London-based Revolut, a digital banking and payments start-up, has set a record as the UK's most valuable private tech company ever.

It reached a £24bn valuation in its latest funding round, making it more valuable than High Street bank NatWest.

The six-year-old company is now worth six times more than it was valued at last year.

The investment round raised $800m (£579m) from Japan's SoftBank and New York-based Tiger Global Management.
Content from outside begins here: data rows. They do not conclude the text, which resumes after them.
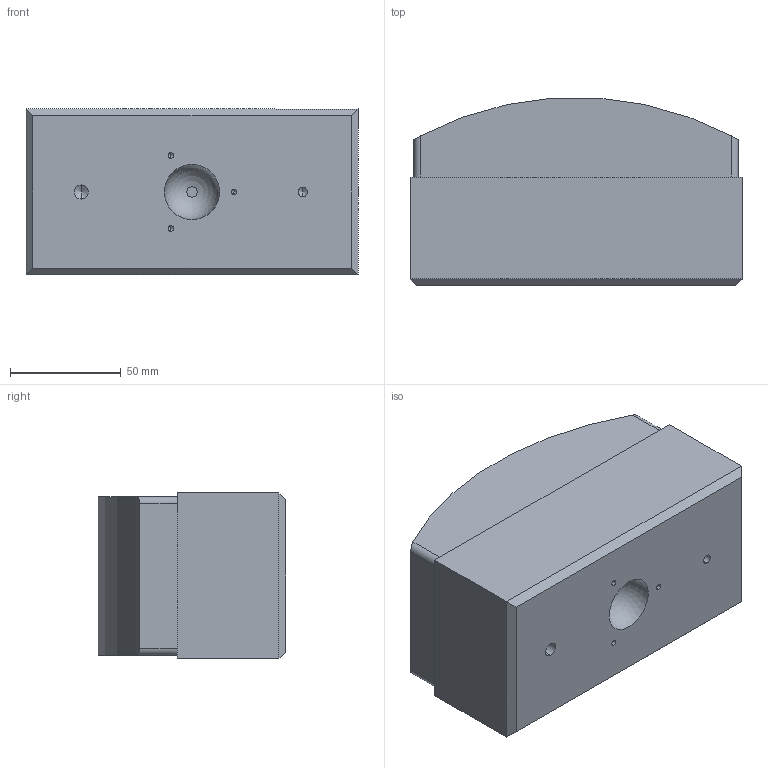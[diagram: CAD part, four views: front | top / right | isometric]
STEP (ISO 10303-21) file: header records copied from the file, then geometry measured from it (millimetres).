
FILE_DESCRIPTION (( 'STEP AP214' ), '1' );
FILE_NAME ('S3375L_FINISHED.STEP', '2023-01-17T15:56:46', ( '' ), ( '' ), 'SwSTEP 2.0', 'SolidWorks 2020', '' );
FILE_SCHEMA (( 'AUTOMOTIVE_DESIGN' ));
Length unit declared in the file: inch
Products named in the file (1): S3375L_FINISHED
Bounding box: 150.01 x 84.7 x 75.01 mm (x, y, z)
Volume: 823572.3 mm3; surface area: 94889.3 mm2
Topology: 2 solids, 2 shells, 198 faces, 485 edges, 294 vertices
Faces by surface type: plane 124, cylinder 49, sphere 13, cone 12
Entity records: 5829 total; most frequent: CARTESIAN_POINT 1065, DIRECTION 948, ORIENTED_EDGE 912, EDGE_CURVE 456, LINE 350, VECTOR 350, AXIS2_PLACEMENT_3D 299, VERTEX_POINT 294

Both investment groups now hold a 5% stake in the start-up, which has more than 15 million users.

Revolut provides currency exchange, current account and crypto-currency services for customers across 35 countries but is still in the process of attaining a UK banking licence.

Founded by the former Lehman Brothers trader Nik Storonsky, the start-up was an early entry into crypto-currency markets -which some say rocketed its success.
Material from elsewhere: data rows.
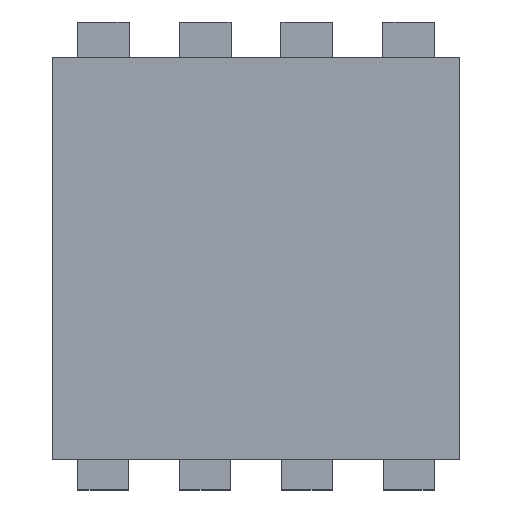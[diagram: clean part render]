
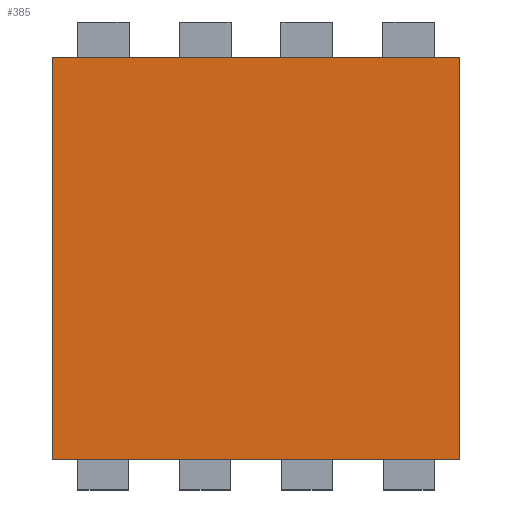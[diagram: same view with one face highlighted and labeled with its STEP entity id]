
A CAD part, top view. The second image highlights one B-rep face of the part: STEP entity #385.
In plain terms, the highlighted planar face has unit normal (0, 0, 1).
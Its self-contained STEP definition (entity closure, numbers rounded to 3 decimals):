
#71 = VERTEX_POINT('',#72);
#72 = CARTESIAN_POINT('',(-4.,3.95,1.2));
#79 = PLANE('',#80);
#80 = AXIS2_PLACEMENT_3D('',#81,#82,#83);
#81 = CARTESIAN_POINT('',(-4.,3.95,0.));
#82 = DIRECTION('',(0.,1.,0.));
#83 = DIRECTION('',(1.,0.,0.));
#91 = PLANE('',#92);
#92 = AXIS2_PLACEMENT_3D('',#93,#94,#95);
#93 = CARTESIAN_POINT('',(-4.,-3.95,0.));
#94 = DIRECTION('',(-1.,0.,0.));
#95 = DIRECTION('',(0.,1.,0.));
#103 = EDGE_CURVE('',#71,#104,#106,.T.);
#104 = VERTEX_POINT('',#105);
#105 = CARTESIAN_POINT('',(4.,3.95,1.2));
#106 = SURFACE_CURVE('',#107,(#111,#118),.PCURVE_S1.);
#107 = LINE('',#108,#109);
#108 = CARTESIAN_POINT('',(-4.,3.95,1.2));
#109 = VECTOR('',#110,1.);
#110 = DIRECTION('',(1.,0.,0.));
#111 = PCURVE('',#79,#112);
#112 = DEFINITIONAL_REPRESENTATION('',(#113),#117);
#113 = LINE('',#114,#115);
#114 = CARTESIAN_POINT('',(0.,-1.2));
#115 = VECTOR('',#116,1.);
#116 = DIRECTION('',(1.,0.));
#117 = ( GEOMETRIC_REPRESENTATION_CONTEXT(2) 
PARAMETRIC_REPRESENTATION_CONTEXT() REPRESENTATION_CONTEXT('2D SPACE',''
  ) );
#118 = PCURVE('',#119,#124);
#119 = PLANE('',#120);
#120 = AXIS2_PLACEMENT_3D('',#121,#122,#123);
#121 = CARTESIAN_POINT('',(0.,0.,1.2));
#122 = DIRECTION('',(-0.,-0.,-1.));
#123 = DIRECTION('',(-1.,0.,0.));
#124 = DEFINITIONAL_REPRESENTATION('',(#125),#129);
#125 = LINE('',#126,#127);
#126 = CARTESIAN_POINT('',(4.,3.95));
#127 = VECTOR('',#128,1.);
#128 = DIRECTION('',(-1.,0.));
#129 = ( GEOMETRIC_REPRESENTATION_CONTEXT(2) 
PARAMETRIC_REPRESENTATION_CONTEXT() REPRESENTATION_CONTEXT('2D SPACE',''
  ) );
#147 = PLANE('',#148);
#148 = AXIS2_PLACEMENT_3D('',#149,#150,#151);
#149 = CARTESIAN_POINT('',(4.,3.95,0.));
#150 = DIRECTION('',(1.,0.,-0.));
#151 = DIRECTION('',(0.,-1.,0.));
#189 = EDGE_CURVE('',#104,#190,#192,.T.);
#190 = VERTEX_POINT('',#191);
#191 = CARTESIAN_POINT('',(4.,-3.95,1.2));
#192 = SURFACE_CURVE('',#193,(#197,#204),.PCURVE_S1.);
#193 = LINE('',#194,#195);
#194 = CARTESIAN_POINT('',(4.,3.95,1.2));
#195 = VECTOR('',#196,1.);
#196 = DIRECTION('',(0.,-1.,0.));
#197 = PCURVE('',#147,#198);
#198 = DEFINITIONAL_REPRESENTATION('',(#199),#203);
#199 = LINE('',#200,#201);
#200 = CARTESIAN_POINT('',(0.,-1.2));
#201 = VECTOR('',#202,1.);
#202 = DIRECTION('',(1.,0.));
#203 = ( GEOMETRIC_REPRESENTATION_CONTEXT(2) 
PARAMETRIC_REPRESENTATION_CONTEXT() REPRESENTATION_CONTEXT('2D SPACE',''
  ) );
#204 = PCURVE('',#119,#205);
#205 = DEFINITIONAL_REPRESENTATION('',(#206),#210);
#206 = LINE('',#207,#208);
#207 = CARTESIAN_POINT('',(-4.,3.95));
#208 = VECTOR('',#209,1.);
#209 = DIRECTION('',(0.,-1.));
#210 = ( GEOMETRIC_REPRESENTATION_CONTEXT(2) 
PARAMETRIC_REPRESENTATION_CONTEXT() REPRESENTATION_CONTEXT('2D SPACE',''
  ) );
#228 = PLANE('',#229);
#229 = AXIS2_PLACEMENT_3D('',#230,#231,#232);
#230 = CARTESIAN_POINT('',(4.,-3.95,0.));
#231 = DIRECTION('',(0.,-1.,0.));
#232 = DIRECTION('',(-1.,0.,0.));
#265 = EDGE_CURVE('',#190,#266,#268,.T.);
#266 = VERTEX_POINT('',#267);
#267 = CARTESIAN_POINT('',(-4.,-3.95,1.2));
#268 = SURFACE_CURVE('',#269,(#273,#280),.PCURVE_S1.);
#269 = LINE('',#270,#271);
#270 = CARTESIAN_POINT('',(4.,-3.95,1.2));
#271 = VECTOR('',#272,1.);
#272 = DIRECTION('',(-1.,0.,0.));
#273 = PCURVE('',#228,#274);
#274 = DEFINITIONAL_REPRESENTATION('',(#275),#279);
#275 = LINE('',#276,#277);
#276 = CARTESIAN_POINT('',(0.,-1.2));
#277 = VECTOR('',#278,1.);
#278 = DIRECTION('',(1.,0.));
#279 = ( GEOMETRIC_REPRESENTATION_CONTEXT(2) 
PARAMETRIC_REPRESENTATION_CONTEXT() REPRESENTATION_CONTEXT('2D SPACE',''
  ) );
#280 = PCURVE('',#119,#281);
#281 = DEFINITIONAL_REPRESENTATION('',(#282),#286);
#282 = LINE('',#283,#284);
#283 = CARTESIAN_POINT('',(-4.,-3.95));
#284 = VECTOR('',#285,1.);
#285 = DIRECTION('',(1.,0.));
#286 = ( GEOMETRIC_REPRESENTATION_CONTEXT(2) 
PARAMETRIC_REPRESENTATION_CONTEXT() REPRESENTATION_CONTEXT('2D SPACE',''
  ) );
#336 = EDGE_CURVE('',#266,#71,#337,.T.);
#337 = SURFACE_CURVE('',#338,(#342,#349),.PCURVE_S1.);
#338 = LINE('',#339,#340);
#339 = CARTESIAN_POINT('',(-4.,-3.95,1.2));
#340 = VECTOR('',#341,1.);
#341 = DIRECTION('',(0.,1.,0.));
#342 = PCURVE('',#91,#343);
#343 = DEFINITIONAL_REPRESENTATION('',(#344),#348);
#344 = LINE('',#345,#346);
#345 = CARTESIAN_POINT('',(0.,-1.2));
#346 = VECTOR('',#347,1.);
#347 = DIRECTION('',(1.,0.));
#348 = ( GEOMETRIC_REPRESENTATION_CONTEXT(2) 
PARAMETRIC_REPRESENTATION_CONTEXT() REPRESENTATION_CONTEXT('2D SPACE',''
  ) );
#349 = PCURVE('',#119,#350);
#350 = DEFINITIONAL_REPRESENTATION('',(#351),#355);
#351 = LINE('',#352,#353);
#352 = CARTESIAN_POINT('',(4.,-3.95));
#353 = VECTOR('',#354,1.);
#354 = DIRECTION('',(0.,1.));
#355 = ( GEOMETRIC_REPRESENTATION_CONTEXT(2) 
PARAMETRIC_REPRESENTATION_CONTEXT() REPRESENTATION_CONTEXT('2D SPACE',''
  ) );
#385 = ADVANCED_FACE('',(#386),#119,.F.);
#386 = FACE_BOUND('',#387,.F.);
#387 = EDGE_LOOP('',(#388,#389,#390,#391));
#388 = ORIENTED_EDGE('',*,*,#103,.T.);
#389 = ORIENTED_EDGE('',*,*,#189,.T.);
#390 = ORIENTED_EDGE('',*,*,#265,.T.);
#391 = ORIENTED_EDGE('',*,*,#336,.T.);

In a statement, Mr Storonsky said the valuation was "an endorsement of our mission to create a global financial super-app that enables customers to manage all their financial needs through a single platform".

Karol Niewiadomski, senior investor for SoftBank, said the company's "rate of innovation has redefined the role of financial services, placing [Revolut] at the forefront of Europe's nascent neobanking sector".

Revolut plans to use the investment to expand into the Indian and US markets.

The firm saw its losses double to £201m last year, which it blamed on having to hire more staff.

European fintech firms are rapidly gaining scale, with Sweden-based payments company Klarna reaching a valuation of £32.9bn ($45.6bn) last month.

Mikko Salovaara, Revolut's chief financial officer, said his company planned to list its shares on the stock market "eventually" at an even higher valuation.

'Not a traditional bank'

Professor of Business Economics at Oxford University, Nir Vulkan, told the BBC that the valuation confirms Revolut sees itself as a tech firm rather than a bank.

"There's no way a traditional bank would ever get a valuation like this," Prof Vulkan explained.

However, he said that Revolut and other "neobanks" faced obstacles when competing against traditional lenders.

"Many people have accounts with Revolut and Monzo, but very few get their salary paid into those accounts - that will be their real challenge."

Image source, Getty Images

The firm faced scrutiny after a 2019 BBC investigation discovered that an employee had made a complaint to the Financial Conduct Authority in 2016, asking it to investigate the compliance of Revolut and the conduct of its chief executive.

The whistleblower told the BBC that Revolut's systems for flagging suspect payments were "utterly inadequate".

Revolut denied the allegations and told the BBC this was "the first time Revolut has been made aware of any such complaint, which appears to have been made by a former employee who left the company several years ago".

The BBC understands that Revolut has seen the departure of two chief risk officers, two money laundering reporting officers, a chief compliance officer and a chief finance officer, among other roles.

Lithuanian politicians also investigated the company for national security reasons after it emerged that Mr Storonsky's father was a director at a subsidiary of Russian natural gas group Gazprom, which has been under US sanctions since 2014. Revolut was found to pose no security risks after the investigation.